Folha de S. Paulo


E o social?

É uma conclusão óbvia a de que o massacre do Carandiru, o arrastão nas praias do Rio, a rebelião dos menores da Febem do Tatuapé são exibições de um país que imerge numa situação social que escapa ao controle e teima em demostrar a quase total falência da capacidade de atendimento das estruturas estatais. São cenas chocantes de um desespero miserável que transborda prisões e favelas, balança a pose impassível, os devaneios de quietude da classe média e da classe empresarial.

Vamos ter que enfrentar um incômodo grande demais, que se procurava esquecer, até por um impulso saudável de autodefesa psicológica e emocional. Quem em sã consciência deseja pagar o preço para minorar o problema. Quem está disposto a pensar na sua responsabilidade individual diante do caos social. Toda a "mentalidade" nacional está voltada para uma atitude de distanciamento, que culpa os políticos corruptos e o Estado incompetente, que cabe sob medida para a acomodação. Ao lado de toda o saudável questionamento do papel do Estado no Brasil, forneceu às elites ótima desculpa para fazer o que no fundo sempre almeja, essa cômoda atitude de descompromisso diante das obrigações para o funcionamento do país.

É de se registrar que os meios de comunicação, apesar de sua eficiência na investigação no terreno das irregularidades administrativas no Collorgate compõe esse quadro de alheamento. Toda aquela energia mobilizada para tirar o presidente Collor do poder não se movimenta na hora de enfrentar temas bem mais complexos como a miséria absoluta, a situação das famílias pobres, a educação, a crise de valores na sociedade, e preparação e assistência aos policiais. Esses são temas raros na agenda da imprensa brasileira. São assuntos que não vendem muito jornal, a não ser quando estão associados secundariamente a algum derramamento de sangue.
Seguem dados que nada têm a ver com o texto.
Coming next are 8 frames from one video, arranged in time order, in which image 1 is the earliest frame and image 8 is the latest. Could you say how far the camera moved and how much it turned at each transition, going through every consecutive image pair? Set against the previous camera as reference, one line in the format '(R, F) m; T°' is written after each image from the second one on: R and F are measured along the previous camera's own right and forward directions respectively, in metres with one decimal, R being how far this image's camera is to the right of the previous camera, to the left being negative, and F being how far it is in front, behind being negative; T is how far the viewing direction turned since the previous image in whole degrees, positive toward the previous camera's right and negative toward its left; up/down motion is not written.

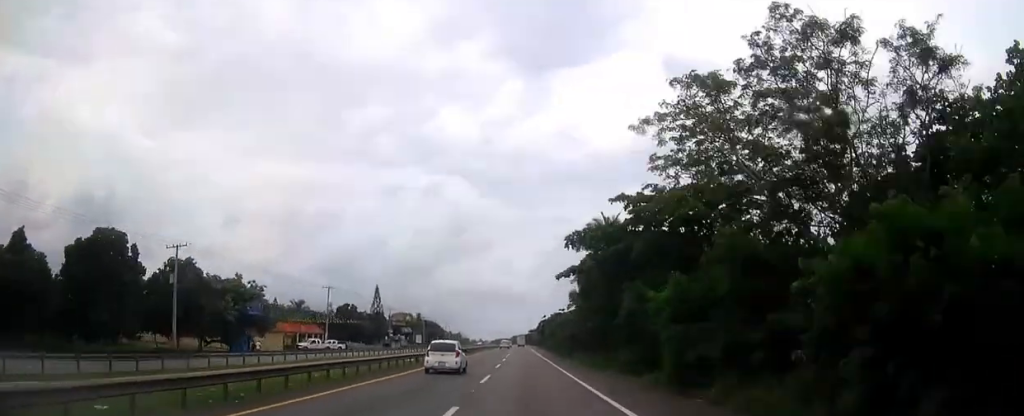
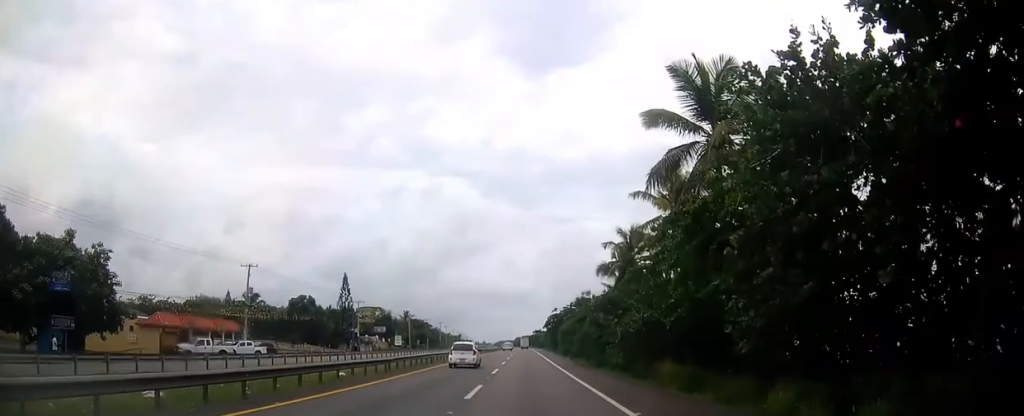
(-0.2, +32.0) m; -1°
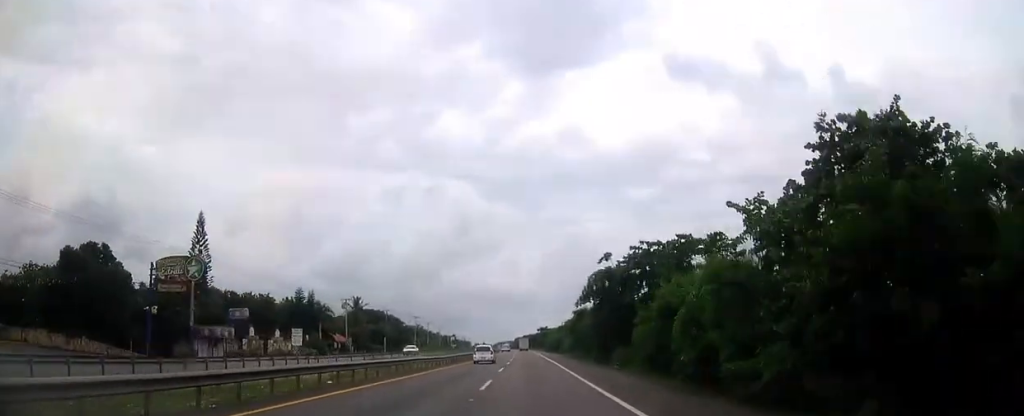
(-0.4, +64.0) m; -1°
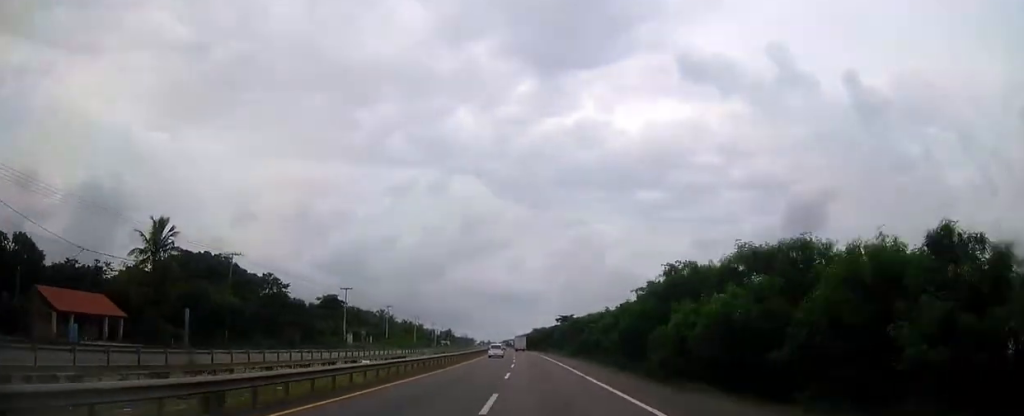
(-0.8, +86.0) m; -1°
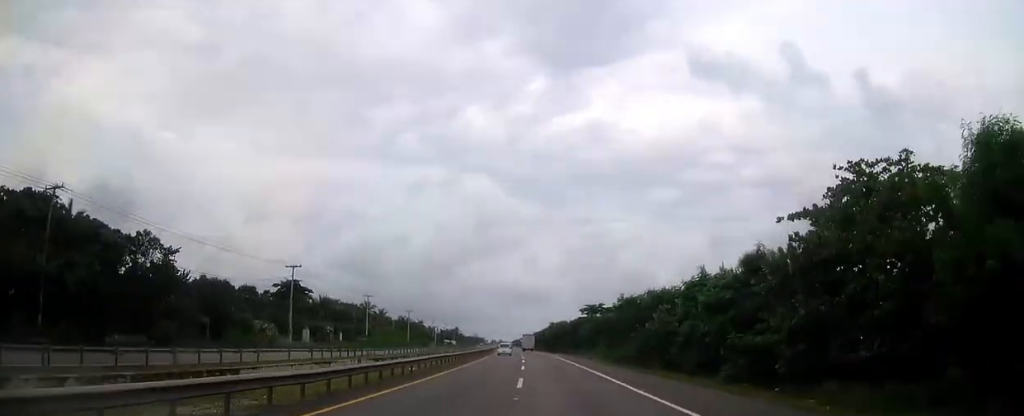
(-0.1, +32.6) m; -1°
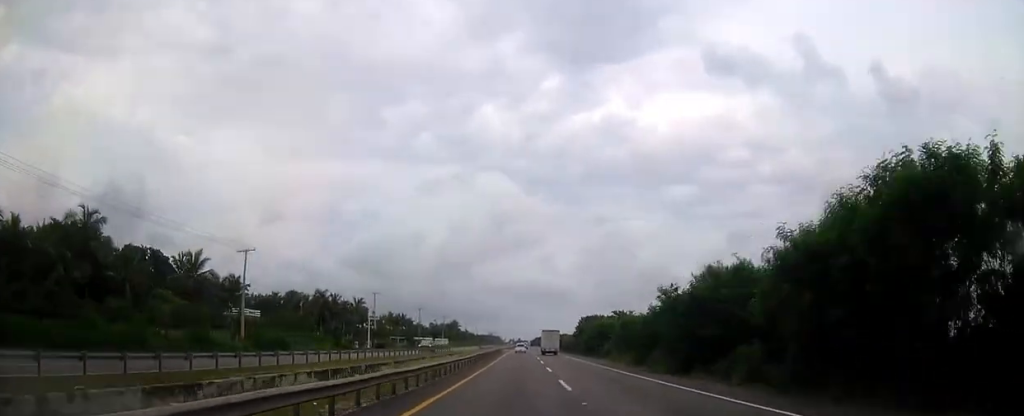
(-2.3, +120.7) m; -2°
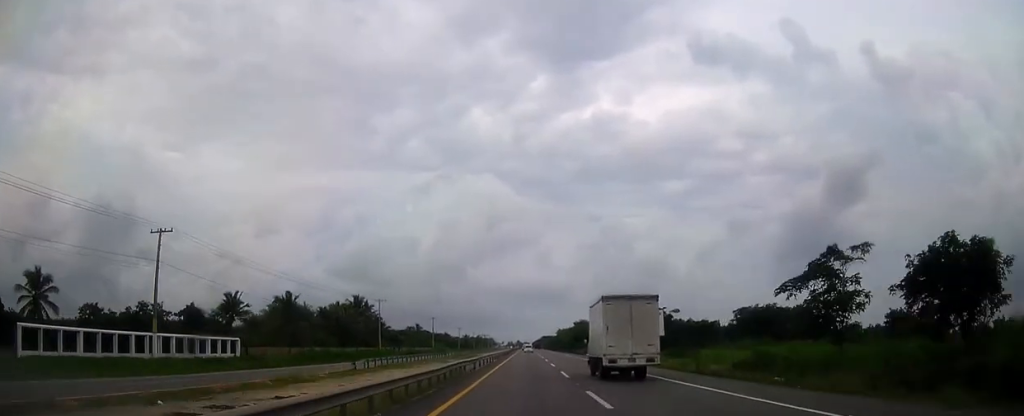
(-0.3, +177.7) m; 0°
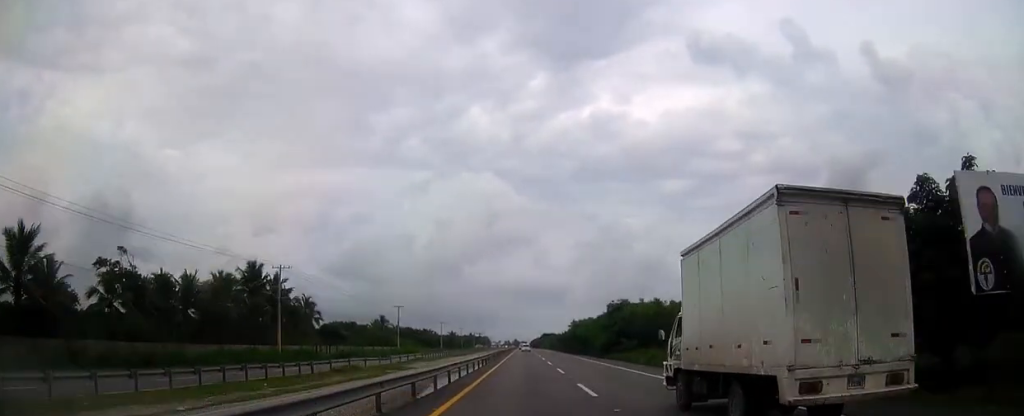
(0.0, +49.3) m; 0°

Silenciosamente, temas como a educação, por exemplo, foram desaparecendo dos grandes jornais brasileiros. Em especial desta Folha, que chegou a ter uma editoria inteira dedicada ao assunto. O jornal não dispõe hoje sequer de um jornalista encarregado exclusivamente do tema.
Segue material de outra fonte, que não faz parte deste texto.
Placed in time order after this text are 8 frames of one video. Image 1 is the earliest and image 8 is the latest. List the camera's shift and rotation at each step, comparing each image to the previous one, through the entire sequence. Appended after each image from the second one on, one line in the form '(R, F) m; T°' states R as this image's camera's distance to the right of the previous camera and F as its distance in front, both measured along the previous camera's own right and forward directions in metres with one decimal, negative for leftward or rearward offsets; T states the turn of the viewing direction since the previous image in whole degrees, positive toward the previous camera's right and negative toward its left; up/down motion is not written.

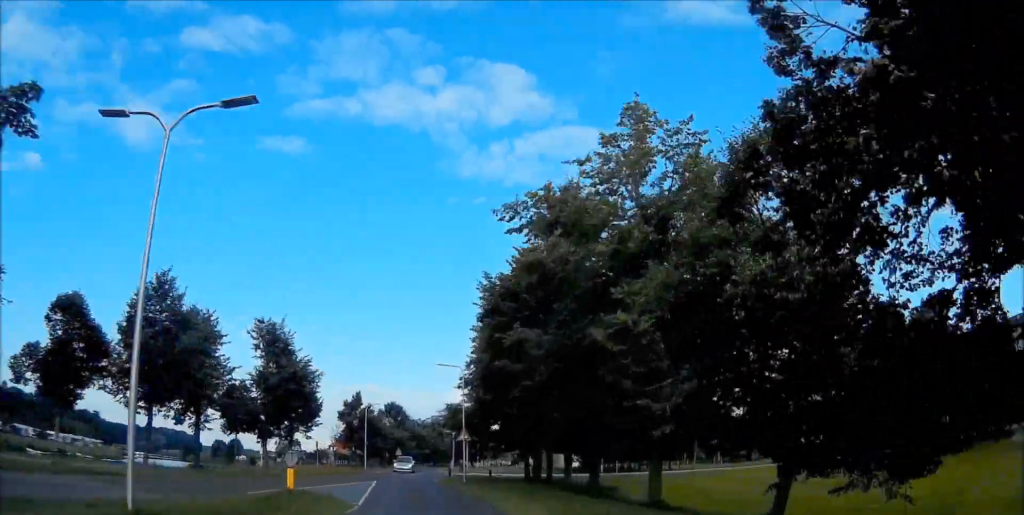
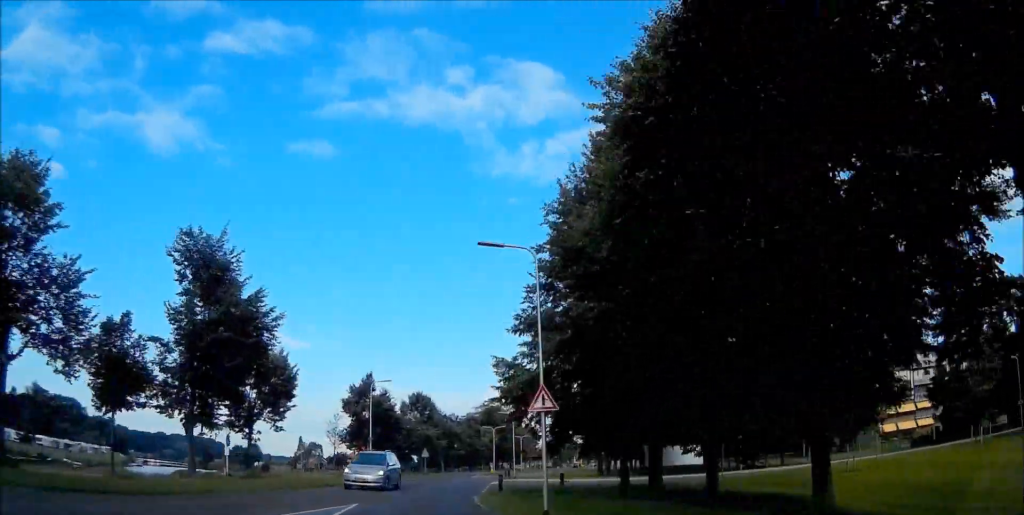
(-0.2, +21.0) m; 0°
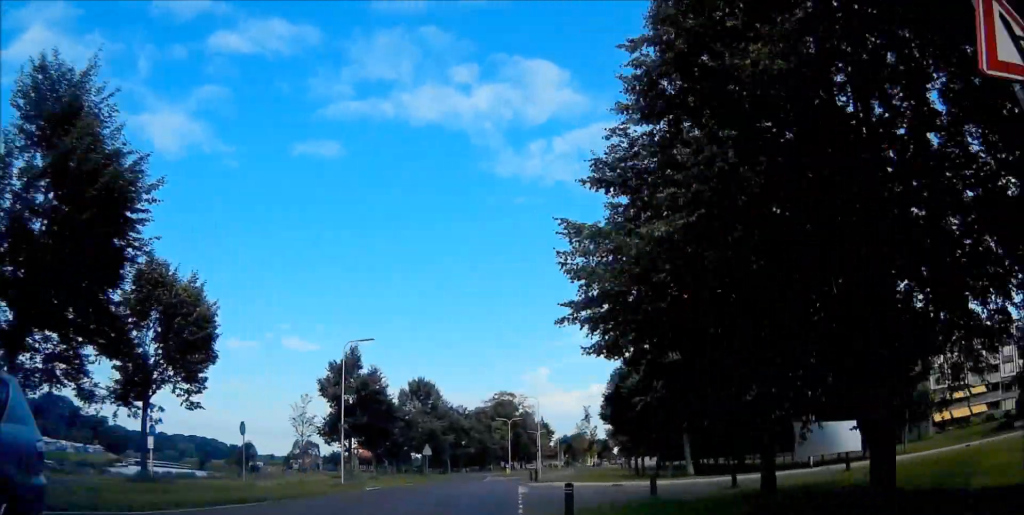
(-0.5, +14.6) m; +1°
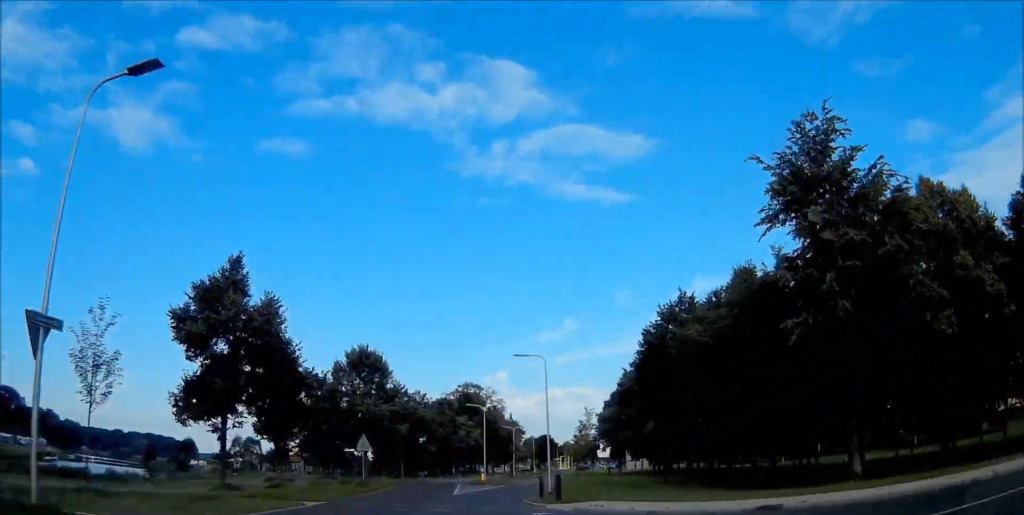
(+0.6, +22.0) m; +4°
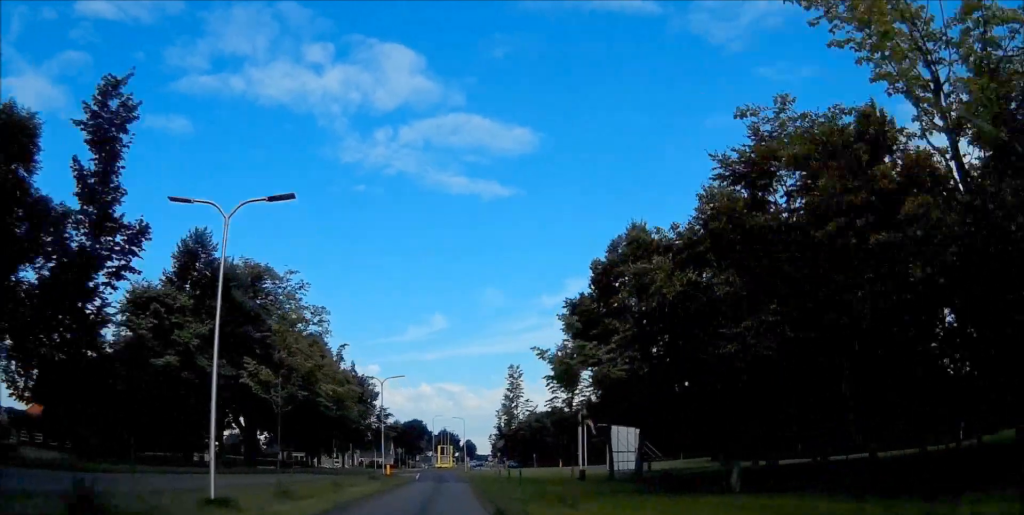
(+8.4, +73.3) m; +9°
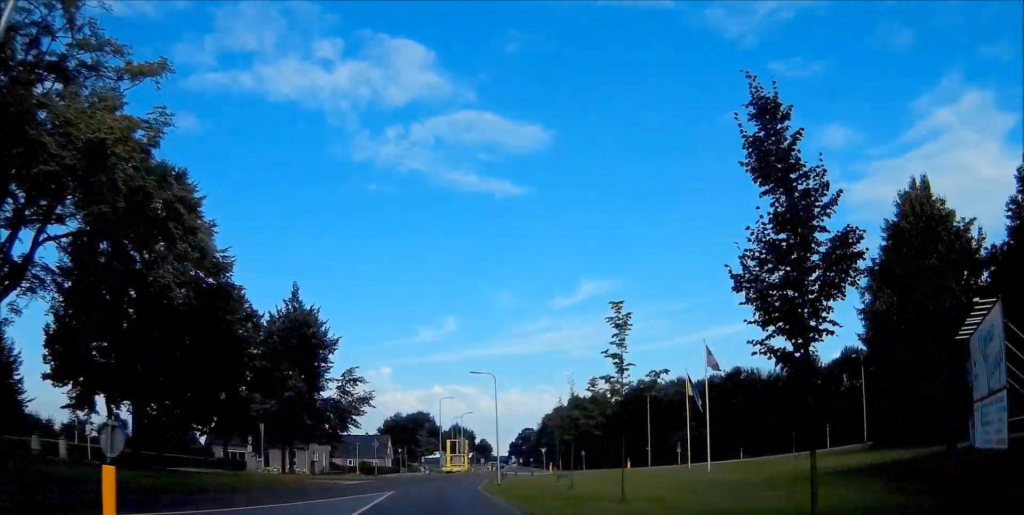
(-0.3, +37.5) m; -1°
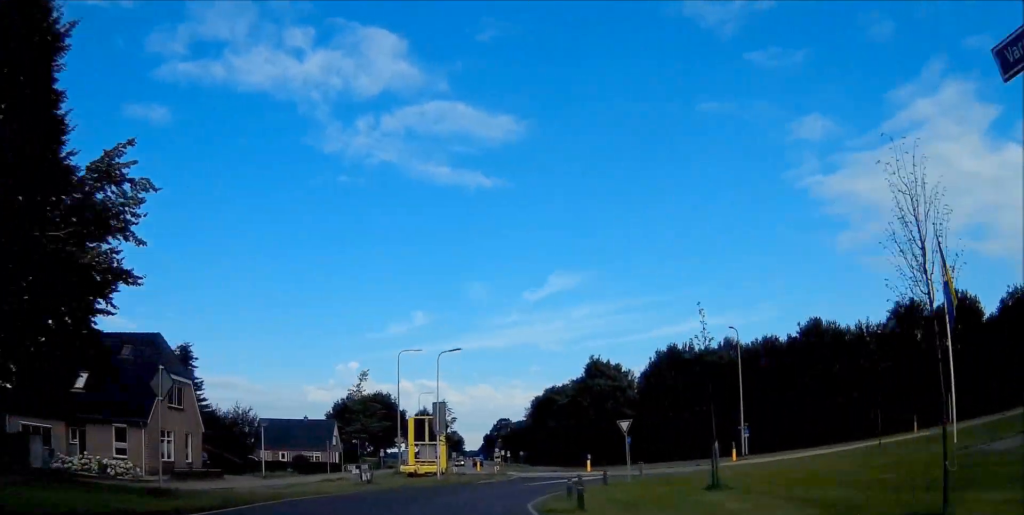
(0.0, +29.2) m; +3°
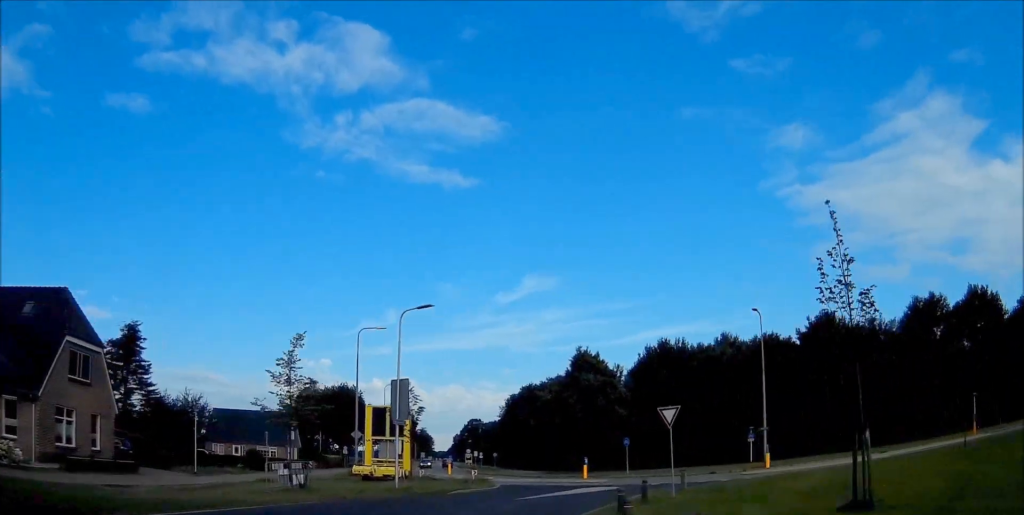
(-0.1, +7.4) m; +2°

Em todos os jornais, a Folha à frente, faltam recursos dedicados a uma fiscalização sistemática da atuação governamental na área dos ministérios ditos sociais, a não ser quando eles estão envolvidos em renúncias de irregularidades.
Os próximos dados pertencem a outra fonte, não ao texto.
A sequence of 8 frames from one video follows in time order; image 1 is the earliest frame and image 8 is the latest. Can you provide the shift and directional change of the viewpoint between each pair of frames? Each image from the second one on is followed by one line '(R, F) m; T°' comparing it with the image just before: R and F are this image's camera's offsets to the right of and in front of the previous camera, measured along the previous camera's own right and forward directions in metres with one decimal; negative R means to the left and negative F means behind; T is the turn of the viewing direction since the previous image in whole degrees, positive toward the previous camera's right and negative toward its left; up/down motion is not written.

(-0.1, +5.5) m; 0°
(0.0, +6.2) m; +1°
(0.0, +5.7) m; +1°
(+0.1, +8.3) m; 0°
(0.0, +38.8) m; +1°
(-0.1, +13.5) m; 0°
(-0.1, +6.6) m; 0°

O descaso dos sucessivos governos na execução de políticas sociais eficientes merece ser criticado pela imprensa. Mas a hierarquia de prioridades do jornalismo brasileiro nesse setor tampouco serve como exemplo a ser seguindo.

ZÉ PORTUGUÊS

Como se diz, Quércia é a bola da vez. Recebi nove ligações essa semana de pessoas que exigiam da Folha a mesma determinação das denúncias das "irregularidades de Quércia" que o jornal exibiu durante o Collorgate.

Algumas dessas mensagens comparavam a Folha a "O Estado de S. Paulo". Dizem que este sim tem sido firme contra o ex-governador paulista.

O único dos leitores a divergir foi o comerciante José Nunes Lopes, amigo e sócio de Quércia. Em carta enviada na última quarta-feira, o "Zé Português", acusado de ser o PC do Quércia, queixa-se contra "alguns veículos de São Paulo (leia-se "O Estado de S. Paulo" e "Jornal da tarde". Diz Nunes Lopes: "Apesar dos meus desmentidos, estes veículos insistiram em publicar várias vezes que, pouco antes da privatização da Vasp, eu teria comprado um cheque administrativo do Citibank e o teria depositado em conta bancária de uma empresa do senhor Wagner Canhedo. Não levaram em conta as minhas declarações nem esperaram que o banco se manifestasse oficialmente".

À carta, Nunes Lopes anexou uma declaração do Citibank segundo a qual o depósito, de 4 milhões de dólares, não existiu. Resta saber a razão pela qual os jornais não informaram o teor do cominicado do Citibank.